Tactics for identifying and banning content scrapers
I just wanted to provide my 2 cents regarding blocking web scrapers.
First, my main interest in all of this isn't so much about protecting the content, as it is about preventing the abuse of server resources from aggressive scrapers. It's gotten so bad that it's basically DDoSing the server on occasion. The challenge I face is that the IP's revolve constantly, as do the user agents and referers. So, how does one tackle this problem? Is there a way to identify scrapers and ban them automatically? I believe there is.
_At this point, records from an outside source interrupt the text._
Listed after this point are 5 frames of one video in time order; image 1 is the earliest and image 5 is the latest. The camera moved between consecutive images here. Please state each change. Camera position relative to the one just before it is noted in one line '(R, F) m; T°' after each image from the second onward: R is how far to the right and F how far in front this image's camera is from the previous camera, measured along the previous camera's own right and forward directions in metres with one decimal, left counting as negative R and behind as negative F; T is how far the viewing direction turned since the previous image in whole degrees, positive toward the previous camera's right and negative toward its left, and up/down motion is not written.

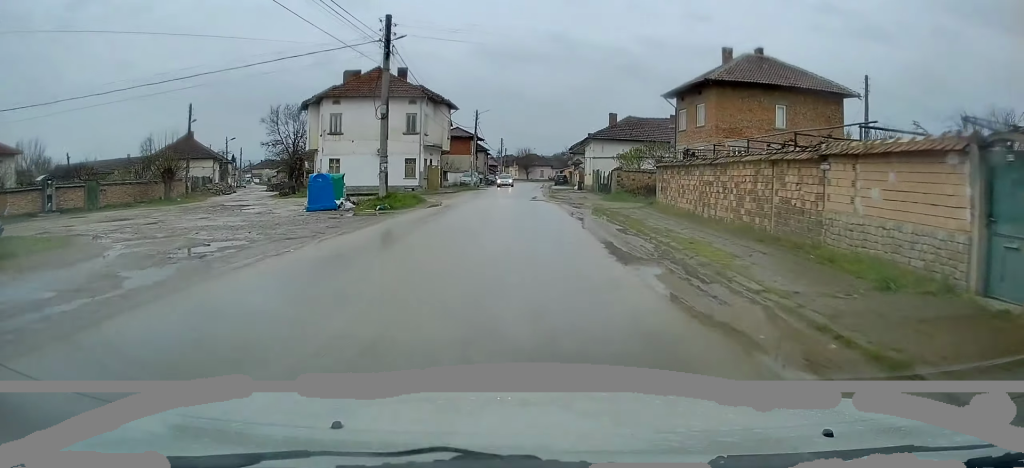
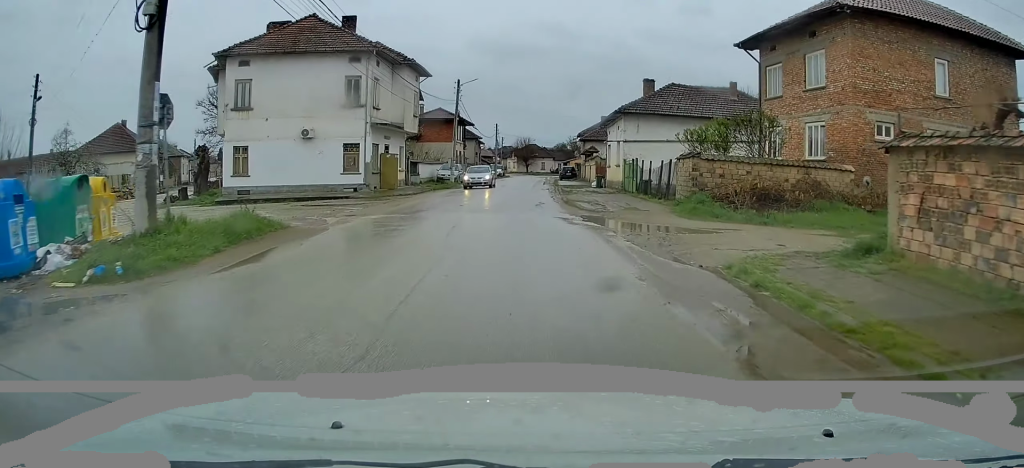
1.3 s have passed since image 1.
(-0.1, +17.0) m; -1°
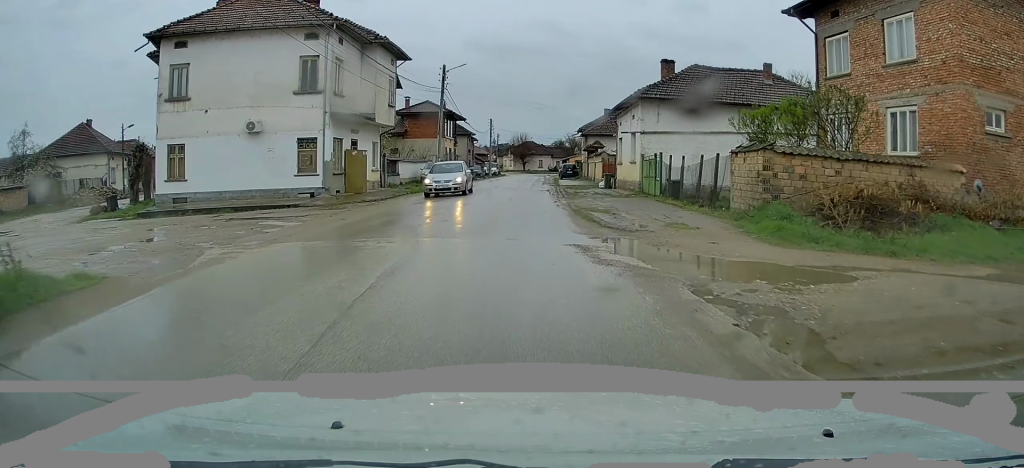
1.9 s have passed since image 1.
(0.0, +6.2) m; 0°
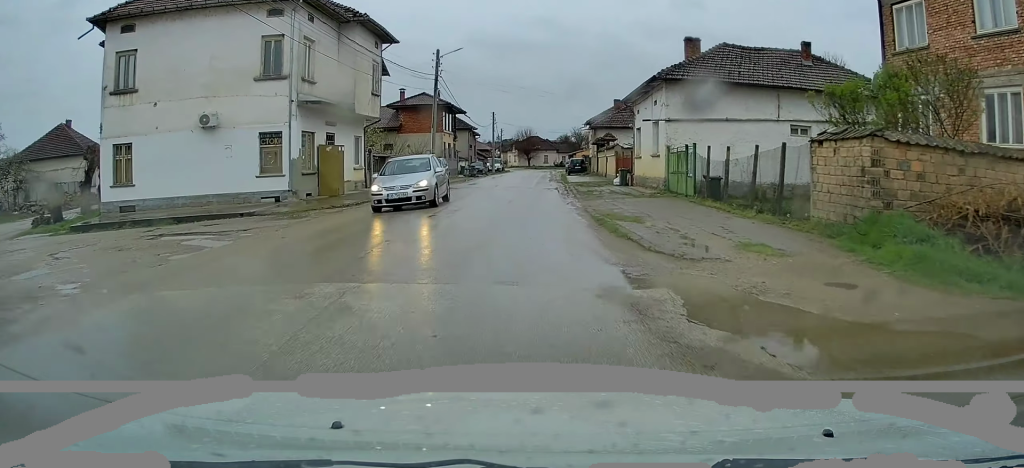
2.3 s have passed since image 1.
(0.0, +4.7) m; 0°
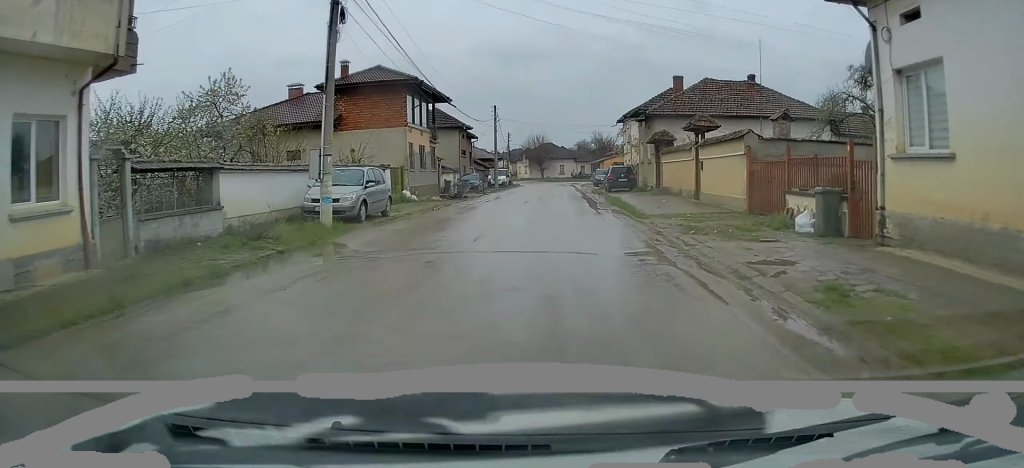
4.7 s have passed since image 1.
(0.0, +21.7) m; 0°

What Sogo7 said is very true:
The same is true for images and external CSS scripts. I've written a script that runs on cron every minute that reads the apache raw access files based on this premise, and I take it a step further. The script is looking for what I would deem as "abusive behavior". That is to say that if there are 4 or more page requests with no requests for page elements in the span of a second - that's unnatural behavior. Even if someone is using a text only browser, it's unlikely that they would make that many requests in the span of a second. The script is very very effective of identifying bots. So much so, that I had to create a whitelist of good bots (Google, Yahoo, MSN, Yandex, etc.) to exclude from being identified as "abusive".
Originally Posted by Sogo7
The script returns the IP + hostname of the offending requests, and stores them in a MySQL database which is then queried when someone visits a page. If they aren't in the DB, then it remembers that in a session to avoid needless and continuous validation for their session. For those that are in the database, it returns a 403 with a captcha form prompting them the submit for reconsideration. This way, if there was a scraper on a dynamic IP, that had since been assigned to a legitimate user, they would have the opportunity to easily gain access, but a bot would not.
To recap, this near real-time script automates the identification of requests that are scrapers by recognizing unnatural behavior not likely to be a regular visitor. It stores these IP's & hostnames as a reference for validation when there is a request for a page, and revokes access if they do not validate. No more manually reviewing the access logs, hunting down the IP blocks, and editing and bloating the .htaccess. Even the fail-safe (captcha) is automated. No need to manually review reconsideration requests.
Perhaps there is a better way to do what I'm trying to do, but for me, this works perfectly. On another note, I installed monit and configured it to automatically restart the server if it is unresponsive. This coupled with my script has effectively eliminated server downtime, and scrapers!
Last edited by weegillis; 02-12-2012 at 05:10 PM.
Reason: Please use 'Reply With Quote' to permit full post attribution.